Teriakan Jia Jingzhong membuat para penjaga menyerbu, sekaligus membangunkan Macan Putih. Macan Putih berbalik, tatapannya tajam seperti pedang membuat Jia Jingzhong mundur ketakutan. Macan Putih jelas memahami prinsip kehati-hatian, tapi situasi saat ini tidak memungkinkan.

Menghadapi pedang baja dari para penjaga, Macan Putih mengerahkan tenaga dalam, pedangnya yang berisi tenaga dalam berhasil memaksa mereka mundur. Sebagai pendekar, ia tahu betul tubuhnya sendiri, siksaan panjang memang tak membuatnya hancur, tapi tenaga yang terkuras benar-benar nyata. Kini ia bisa bertarung gagah berkat tenaga dalam, jika tak sempat memulihkan tenaga, pasti tak bisa lanjut bertarung. Saat ini adalah peluang untuk membunuh musuh utama!

Aum!

Macan Putih mengaum lagi, tubuhnya bergetar, tenaga dalam memenuhi seluruh tubuh, badan yang penuh luka berubah keras bak baja.
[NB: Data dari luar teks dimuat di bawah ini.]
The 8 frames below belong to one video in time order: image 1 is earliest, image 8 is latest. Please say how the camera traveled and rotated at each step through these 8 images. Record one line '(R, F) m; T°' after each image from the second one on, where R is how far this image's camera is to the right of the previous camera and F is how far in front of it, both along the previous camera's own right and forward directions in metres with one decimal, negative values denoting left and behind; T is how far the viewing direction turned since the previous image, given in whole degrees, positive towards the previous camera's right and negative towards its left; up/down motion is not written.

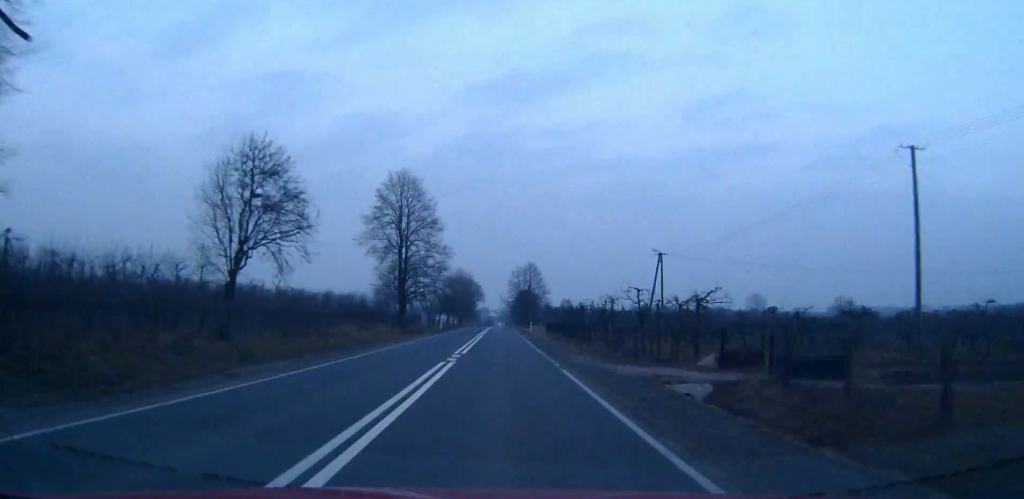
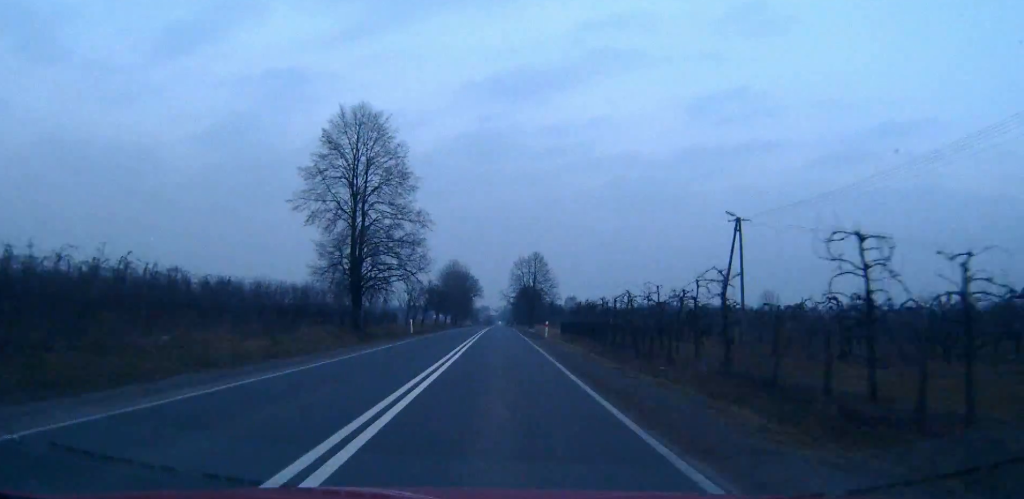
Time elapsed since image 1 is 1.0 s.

Ia menargetkan tiang penyangga dari kayu dan menghantamnya!

Boom!

Semua orang di penjara merasa tubuh mereka limbung, saat sadar, tiang penyangga besar perlahan tumbang! Jia Jingzhong ketakutan, tiang besar seperti langit jatuh menindihnya. Brak! Pembatas lantai dua hancur tertimpa tiang, Jia Jingzhong terus mundur, ketika tubuhnya berhenti, punggungnya sudah menempel ke dinding, bayangan besar mendekat cepat, tak ada tempat untuk mundur lagi, Jia Jingzhong terjatuh lemas di tanah.

Boom! Bangunan penjara Pengawal Jubah Sutra memang kokoh, tiang penyangga tertahan lantai dua, Jia Jingzhong memandang tiang besar yang hampir menyentuh hidungnya. Belum sempat bersyukur selamat, terdengar suara langkah keras, Macan Putih menggunakan tiang di lantai dua sebagai jembatan, menerjang ke arahnya.

“Anjing kasim! Siapkan nyawamu!” Pedang baja di tangan Macan Putih berkilau tajam, tanda tenaga dalam yang maksimal, tebasan kali ini lebih ganas dan mematikan daripada saat melawan Burung Hitam!